CISC-471: Computational Biology

(also known as: CMPE-471)

(Winter 2015)


Last Modified:


Education is not the filling of a pail, but the lighting of a fire. William Butler Yeats.

Quick Links

Grading
Homework
Outline and Schedule

Course Instructor

David Rappaport
GOODWIN HALL Room 532
E-MAIL: daver AT cs dot queensu dot ca
OFFICE HOURS: TBD.

Class Hours

Monday 12:30-13:30 Goodwin 521
Wednesday 11:30-12:30 Goodwin 521
Thursday 13:30-14:30 Goodwin 521

Tutorial

Monday 2:30-4:30 GOODWIN RM248

Text

Neil C. Jones and Pavel A. Pevzner (2004) An Introduction to Bioinformatics Algorithms, MIT Press.
I will be following this book and referring to it as the "text". If you want to purchase a textbook this is the one that I would recommend as a first choice.
There is a wealth of material available on-line to supplement this text book.
Powerpoint slides are provided.
Bioinformatics Algorithms: An Active Learning Approach. is an enhanced electronic textbook developed by the author of the course text. You can access free videos and Powerpoint slides.
Rosalind is a platform for learning bioinformatics through problem solving.

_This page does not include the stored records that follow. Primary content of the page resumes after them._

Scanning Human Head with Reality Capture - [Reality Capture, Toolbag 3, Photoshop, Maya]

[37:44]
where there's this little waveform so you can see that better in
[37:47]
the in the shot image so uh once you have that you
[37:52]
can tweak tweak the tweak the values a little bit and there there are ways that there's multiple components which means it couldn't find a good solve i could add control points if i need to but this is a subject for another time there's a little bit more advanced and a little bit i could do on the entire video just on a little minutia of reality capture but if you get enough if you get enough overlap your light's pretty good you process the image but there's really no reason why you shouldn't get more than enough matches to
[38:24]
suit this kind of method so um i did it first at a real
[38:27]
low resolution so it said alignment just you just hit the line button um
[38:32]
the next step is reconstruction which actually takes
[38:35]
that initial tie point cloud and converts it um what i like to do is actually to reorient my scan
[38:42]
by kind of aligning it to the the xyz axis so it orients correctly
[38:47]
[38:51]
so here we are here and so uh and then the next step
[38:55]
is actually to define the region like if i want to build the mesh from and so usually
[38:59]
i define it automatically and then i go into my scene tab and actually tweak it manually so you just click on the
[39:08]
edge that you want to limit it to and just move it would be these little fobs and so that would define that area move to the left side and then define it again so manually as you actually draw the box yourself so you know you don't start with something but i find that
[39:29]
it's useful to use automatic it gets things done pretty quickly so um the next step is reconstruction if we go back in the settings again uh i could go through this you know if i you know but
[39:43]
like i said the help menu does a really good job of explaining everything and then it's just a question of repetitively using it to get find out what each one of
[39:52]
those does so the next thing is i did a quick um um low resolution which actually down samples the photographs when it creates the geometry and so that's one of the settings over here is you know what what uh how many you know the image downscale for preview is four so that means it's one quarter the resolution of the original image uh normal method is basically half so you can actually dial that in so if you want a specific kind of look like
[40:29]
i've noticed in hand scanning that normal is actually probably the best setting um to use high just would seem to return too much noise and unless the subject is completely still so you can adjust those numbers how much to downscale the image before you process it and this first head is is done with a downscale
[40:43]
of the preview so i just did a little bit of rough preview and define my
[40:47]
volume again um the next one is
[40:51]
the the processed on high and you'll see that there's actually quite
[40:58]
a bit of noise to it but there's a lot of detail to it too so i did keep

Arthur M. Lesk (2002) Introduction to Bioinformatics, Oxford University Press.

An electronic copy of this book is available from the Queen's Library .
Other books that I have on my desk are:
Wing-Kin Sung (2010) Algorithms in Bioinformatics: A Practical Introduction, CRC Press
Pavel A. Pevzner (2001) Computational Molecular Biology: An Algorithmic Approach

Homework

Homework 1.
Homework 2.
Homework 3.
Homework 4.
Homework 5. Note that homework 5 is the same as 4.
Homework 6.
Homework 7.
Homework 8.
Homework 9.

Course Description

Calendar Description of CISC-471

Advanced computational approaches to the problems in molecular biology. Techniques and algorithms for sequence analysis and alignment; molecular databases; protein structure prediction and molecular data mining.

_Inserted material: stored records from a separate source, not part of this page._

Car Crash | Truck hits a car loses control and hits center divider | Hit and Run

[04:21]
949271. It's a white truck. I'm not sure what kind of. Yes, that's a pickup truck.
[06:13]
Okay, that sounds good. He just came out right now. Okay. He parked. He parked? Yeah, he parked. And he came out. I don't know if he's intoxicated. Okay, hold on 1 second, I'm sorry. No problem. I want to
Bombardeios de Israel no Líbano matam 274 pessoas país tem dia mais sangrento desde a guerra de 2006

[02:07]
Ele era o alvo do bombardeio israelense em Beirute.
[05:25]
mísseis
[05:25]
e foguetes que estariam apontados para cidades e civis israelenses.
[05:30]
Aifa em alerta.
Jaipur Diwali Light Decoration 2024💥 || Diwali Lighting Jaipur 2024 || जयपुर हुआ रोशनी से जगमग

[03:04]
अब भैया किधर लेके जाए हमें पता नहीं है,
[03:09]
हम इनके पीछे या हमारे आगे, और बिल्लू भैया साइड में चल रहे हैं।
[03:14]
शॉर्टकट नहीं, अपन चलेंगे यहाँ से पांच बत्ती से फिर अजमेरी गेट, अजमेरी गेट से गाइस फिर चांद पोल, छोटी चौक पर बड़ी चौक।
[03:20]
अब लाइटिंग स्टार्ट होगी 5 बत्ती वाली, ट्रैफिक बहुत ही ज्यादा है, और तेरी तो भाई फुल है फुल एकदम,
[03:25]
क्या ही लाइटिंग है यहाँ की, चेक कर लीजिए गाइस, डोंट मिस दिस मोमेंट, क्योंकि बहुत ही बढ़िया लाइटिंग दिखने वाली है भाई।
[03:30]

Prerequisites: CISC-271/3.0, CISC-352/3.0, CISC-365/3.0, BCHM 218/3.0 (or MBIO-218/3.0), BIOL-334/3.0 (or BCHM-315/3.0).

This course is required in the Biomedical Computing (BMCO) program.

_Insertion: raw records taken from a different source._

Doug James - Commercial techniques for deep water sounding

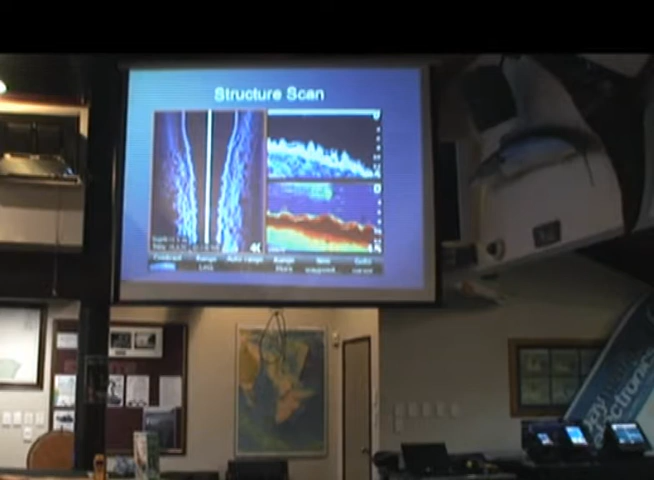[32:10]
You can see very clearly the weed on the bottom as opposed to on a conventional sounder. Real good for if you're straight lining and you're looking for the weed edges, you really want to anchor off of the sand, sort of drift back in and place your base close to the rocks.
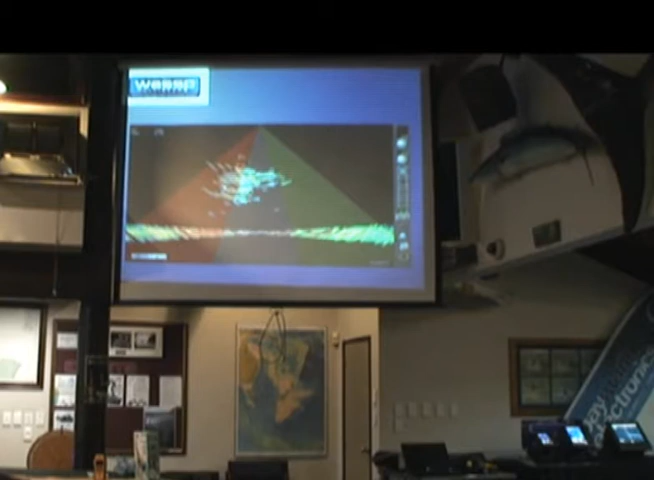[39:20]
Same scenario there, you can see a big school of fish going off the port side. We talk about coverage.
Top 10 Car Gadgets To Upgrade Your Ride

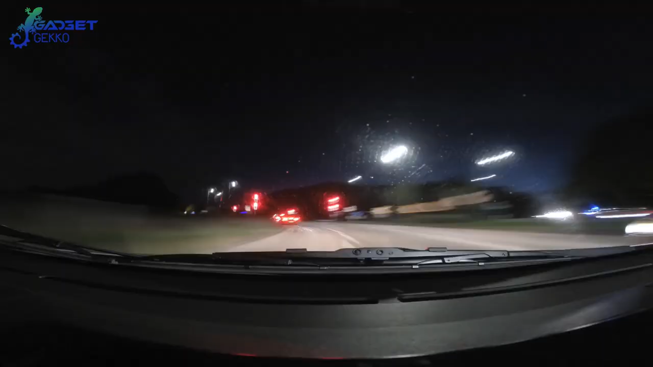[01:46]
But a low-quality camera can be about as useful as no camera at all,
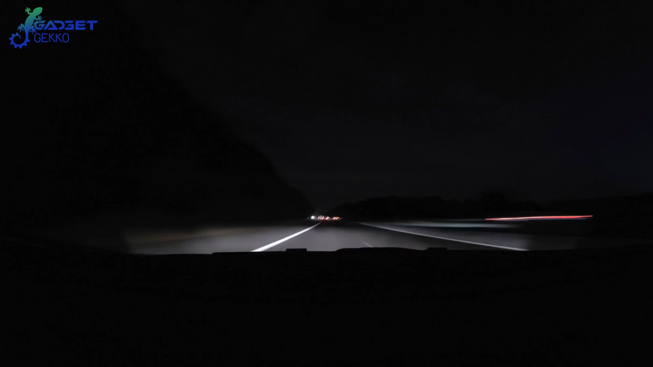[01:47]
so it's important to get the right one.

My Description of CISC-471(David Rappaport)

Advances in computer hardware and algorithmic techniques have opened many avenues of inquiry that are driven by computation. The fields of Biology and Medicine are two high profile examples where stunning scientific breakthroughs have occurred within the past few years. In this course I will follow the course text An Introduction to Bioinformatics Algorithms by Neil C. Jones and Pavel A. Pevzner by reviewing standard algorithmic techniques and how they are applied to scientific discovery in biology and bioinformatics. The emphasis will be on the strengths and limitations of these techniques.

Learning outcomes

Knowledge of state of the art algorithms in Bioinformatics with emphasis on the strengths and limitations of these techniques.
Ability to distill information provided by a biologist and discern appropriate and effective algorithmic solutions.
By the end of the course students should be able to:
critically assess an algorithm for its correctness and efficiency, and argue about the algorithms correctness, performance bounds, and approximation ratio as appropriate
obtain an ability to make sensible pragmatic algorithmic choices of standard packages or implementations for specific applications

Outline and Schedule

Chapters numbers correspond to Neil C. Jones and Pavel A. Pevzner (2004) An Introduction to Bioinformatics Algorithms, MIT Press.

Week 1: Jan. 5-9 - Introductory topics. Chapters 1-3.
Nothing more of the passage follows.